A good deal of time was filled with uncertainty and stress.
What comprised the uncertainty is private and not for the likes of here . . .
Ours was the only red house in the village, an antique cape amongst the center chimneys and cottages painted white. A short stone wall runs the width of the property along RT 109, with rock-lined gardens Christine and I had laid out front. How bright. Backyard apple trees looking up the hill to the back acre. And the variety of garden flowers . . . Such a place to decompress. No matter what the worry, you felt buoyed up in a cosmic Hand . . .
The village Community Church just down the street has a carillon in the bell tower. On weekdays at 5:00 PM it would sound a medley of old gospel hymns. The village would be quiet and they’d come out of thin air. LEANING ON THE EVERLASTING ARM always moved me, and if alone, sitting out in the back, I would weep.
What have I to dread,
What have I to fear
Leaning on the everlasting arms?
I have blessed peace with my Lord so near,
Leaning on the everlasting arms . . .
I guess in Melvin Village I felt deeply and was alive there - in the thick of life and not waiting for it to happen. The house was a symbol - albatross and eagle. I had often said I’d rather burn it down than sell it. Other people own it now, in fact, two other owners since, but, in truth, it’s not theirs. They merely use it.
We drove by it the other day - of course the first thing we’d do getting back to the state. It looked worn and tired and every bit of its two hundred plus years. The gardens are dead and grown over. The paint is pealing and chipped. And all manner of butane tanks and a HVAC unit plunked down out front for all to see. I doubt if any tourists are pulling off to the side of the road to take pictures as they used to do. It misses us and knows we belong to it. I imagine when I pass on, I will haunt it with the ghosts within its walls.
Yes, it’s haunted. Monty knew this most of all. He did not like the upstairs room in the oldest part of the house and would often do his best to get Christine and I to come out of it. That, and the noises of someone in the house with you - the sound of something like a piano being scraped across the floor overhead, electronics turning off and on, and a presence, though benign, there, just when you think it’s imagined. I’d speak to it when it got too intense. “Stop it,” I’d say. “You wouldn’t like this when you were alive. So go do your thing and we coexist.”
And it would stop, until next time.
New Hampshire winters are crack-ass cold. So much so, ten degrees is moderate weather. In February 2014, we had five days with a high of 10 below. The house, even with its restoration and the wood stove up full blast, would be cold. It had its personality as any individual, doing what it wants, how it wants (look at me, anthropomorphizing to the high hilt). But that was the way of it. Maybe it was presents of the ghosts.
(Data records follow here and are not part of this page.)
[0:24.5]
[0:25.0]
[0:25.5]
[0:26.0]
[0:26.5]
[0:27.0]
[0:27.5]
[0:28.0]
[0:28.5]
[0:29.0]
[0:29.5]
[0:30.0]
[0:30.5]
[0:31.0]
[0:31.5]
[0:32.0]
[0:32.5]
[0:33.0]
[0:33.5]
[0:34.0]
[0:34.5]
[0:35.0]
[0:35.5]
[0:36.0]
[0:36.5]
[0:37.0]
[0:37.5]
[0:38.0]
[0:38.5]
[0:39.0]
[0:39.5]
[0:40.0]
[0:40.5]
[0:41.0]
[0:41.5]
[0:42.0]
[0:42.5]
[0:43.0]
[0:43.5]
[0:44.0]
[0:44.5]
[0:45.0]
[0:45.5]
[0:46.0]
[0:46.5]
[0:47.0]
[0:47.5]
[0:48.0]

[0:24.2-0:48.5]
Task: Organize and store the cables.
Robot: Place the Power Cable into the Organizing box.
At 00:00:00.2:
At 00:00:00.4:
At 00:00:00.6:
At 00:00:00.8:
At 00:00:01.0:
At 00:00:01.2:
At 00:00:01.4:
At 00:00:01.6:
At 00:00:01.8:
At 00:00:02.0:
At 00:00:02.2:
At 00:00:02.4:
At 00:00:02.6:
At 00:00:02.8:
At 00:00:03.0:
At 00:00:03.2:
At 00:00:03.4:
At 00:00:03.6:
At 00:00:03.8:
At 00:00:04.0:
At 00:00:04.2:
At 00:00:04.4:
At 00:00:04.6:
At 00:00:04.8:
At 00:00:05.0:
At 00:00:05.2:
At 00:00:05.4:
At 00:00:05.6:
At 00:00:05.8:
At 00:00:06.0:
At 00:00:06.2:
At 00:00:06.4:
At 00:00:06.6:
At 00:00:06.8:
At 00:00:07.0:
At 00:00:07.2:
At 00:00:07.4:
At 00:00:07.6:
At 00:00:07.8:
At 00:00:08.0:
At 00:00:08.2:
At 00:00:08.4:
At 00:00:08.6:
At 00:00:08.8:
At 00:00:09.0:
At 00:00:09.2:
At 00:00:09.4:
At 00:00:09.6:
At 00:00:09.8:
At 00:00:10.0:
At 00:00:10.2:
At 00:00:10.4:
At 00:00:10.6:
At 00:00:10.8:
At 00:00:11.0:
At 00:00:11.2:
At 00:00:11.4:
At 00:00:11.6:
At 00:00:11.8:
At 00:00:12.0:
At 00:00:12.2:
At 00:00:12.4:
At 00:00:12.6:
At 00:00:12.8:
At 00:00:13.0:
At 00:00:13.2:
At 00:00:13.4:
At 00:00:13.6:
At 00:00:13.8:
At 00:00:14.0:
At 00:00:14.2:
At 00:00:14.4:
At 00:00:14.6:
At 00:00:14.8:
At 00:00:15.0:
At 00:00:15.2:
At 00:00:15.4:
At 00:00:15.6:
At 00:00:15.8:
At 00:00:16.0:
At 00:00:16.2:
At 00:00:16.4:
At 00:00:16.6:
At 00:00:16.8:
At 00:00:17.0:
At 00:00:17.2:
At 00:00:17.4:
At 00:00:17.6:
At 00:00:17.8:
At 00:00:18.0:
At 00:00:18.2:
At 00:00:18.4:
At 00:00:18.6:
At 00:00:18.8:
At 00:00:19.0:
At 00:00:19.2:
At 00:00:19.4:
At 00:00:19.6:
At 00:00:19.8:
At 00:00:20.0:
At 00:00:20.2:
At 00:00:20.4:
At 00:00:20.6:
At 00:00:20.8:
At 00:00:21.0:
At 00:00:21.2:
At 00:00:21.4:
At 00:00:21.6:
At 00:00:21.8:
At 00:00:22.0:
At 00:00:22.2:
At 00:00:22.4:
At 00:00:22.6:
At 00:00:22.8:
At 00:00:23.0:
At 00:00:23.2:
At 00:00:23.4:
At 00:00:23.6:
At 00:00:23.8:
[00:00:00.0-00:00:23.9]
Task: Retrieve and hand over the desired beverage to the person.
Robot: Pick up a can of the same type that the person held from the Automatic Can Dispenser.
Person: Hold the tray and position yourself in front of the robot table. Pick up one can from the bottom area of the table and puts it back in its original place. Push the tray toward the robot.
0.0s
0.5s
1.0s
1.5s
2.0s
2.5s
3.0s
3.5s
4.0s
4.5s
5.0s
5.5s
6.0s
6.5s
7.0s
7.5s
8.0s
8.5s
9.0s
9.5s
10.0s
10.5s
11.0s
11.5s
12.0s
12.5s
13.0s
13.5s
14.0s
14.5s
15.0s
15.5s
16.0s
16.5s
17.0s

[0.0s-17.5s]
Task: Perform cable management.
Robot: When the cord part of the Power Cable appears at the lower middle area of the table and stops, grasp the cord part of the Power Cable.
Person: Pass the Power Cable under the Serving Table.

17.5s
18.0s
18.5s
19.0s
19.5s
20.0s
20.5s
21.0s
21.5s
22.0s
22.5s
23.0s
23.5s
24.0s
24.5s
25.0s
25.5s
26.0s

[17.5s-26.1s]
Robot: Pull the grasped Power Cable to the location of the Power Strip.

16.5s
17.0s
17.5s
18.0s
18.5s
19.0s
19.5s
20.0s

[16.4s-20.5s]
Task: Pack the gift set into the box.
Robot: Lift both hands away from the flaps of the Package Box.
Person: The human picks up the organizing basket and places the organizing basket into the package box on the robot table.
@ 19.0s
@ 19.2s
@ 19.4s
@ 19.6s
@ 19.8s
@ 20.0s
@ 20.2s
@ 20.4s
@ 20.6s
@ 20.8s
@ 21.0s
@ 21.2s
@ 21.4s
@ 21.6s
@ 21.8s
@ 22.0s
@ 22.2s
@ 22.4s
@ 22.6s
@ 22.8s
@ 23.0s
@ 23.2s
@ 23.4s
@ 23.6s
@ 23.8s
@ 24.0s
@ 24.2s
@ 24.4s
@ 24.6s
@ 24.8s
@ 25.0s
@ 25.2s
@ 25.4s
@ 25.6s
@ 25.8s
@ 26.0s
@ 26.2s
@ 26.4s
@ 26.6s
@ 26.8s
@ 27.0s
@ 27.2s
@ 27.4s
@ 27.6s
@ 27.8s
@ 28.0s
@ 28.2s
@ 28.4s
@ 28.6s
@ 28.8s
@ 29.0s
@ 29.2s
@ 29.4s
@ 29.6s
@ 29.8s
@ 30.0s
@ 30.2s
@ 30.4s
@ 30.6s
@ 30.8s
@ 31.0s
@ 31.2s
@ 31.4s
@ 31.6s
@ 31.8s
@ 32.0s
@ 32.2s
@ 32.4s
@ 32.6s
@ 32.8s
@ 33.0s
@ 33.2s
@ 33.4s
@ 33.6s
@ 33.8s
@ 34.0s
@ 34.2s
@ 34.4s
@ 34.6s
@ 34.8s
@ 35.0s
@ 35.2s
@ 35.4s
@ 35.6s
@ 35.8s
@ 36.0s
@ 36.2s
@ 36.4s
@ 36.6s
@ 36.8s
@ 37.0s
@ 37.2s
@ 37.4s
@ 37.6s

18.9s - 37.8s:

I know this piece has been uneven. But I am uneven. Especially ‘round the topic of leaving home. There’s still much to my life I don’t understand though I try to figure it out. Coming back is hard because I want to stay.
See - not dead yet and already a ghost.
In a story I’m working on, ON END, the village plays a prominent role, though it may not be the Melvin Village the residents know. That village exists in one place and maybe doesn’t exist at all. Below is the opening
In Melvin Village the night sky’s glistens with thousands and thousands of stars, and is so unlike cities with streetlights and lit buildings whose pale skies holds things in, separating us from them. City nights are tight worlds, insular and personal. Filled with heat. But the night-time sky over the tiny New Hampshire village is black, vast and clear – a shore on a celestial ocean. To lie on one’s back in an open field and stare up with the naked eye is to rise, to float, to be small.
More to come . . .
Well, Tim, you were right. I fell in love with this one and took a trip vicariously back to New Hampshire with you. I've never been to Melvin but I know the region you are talking about and wish you many trips back there -- as a person, as a ghost -- places hang onto us as much as we hang onto them.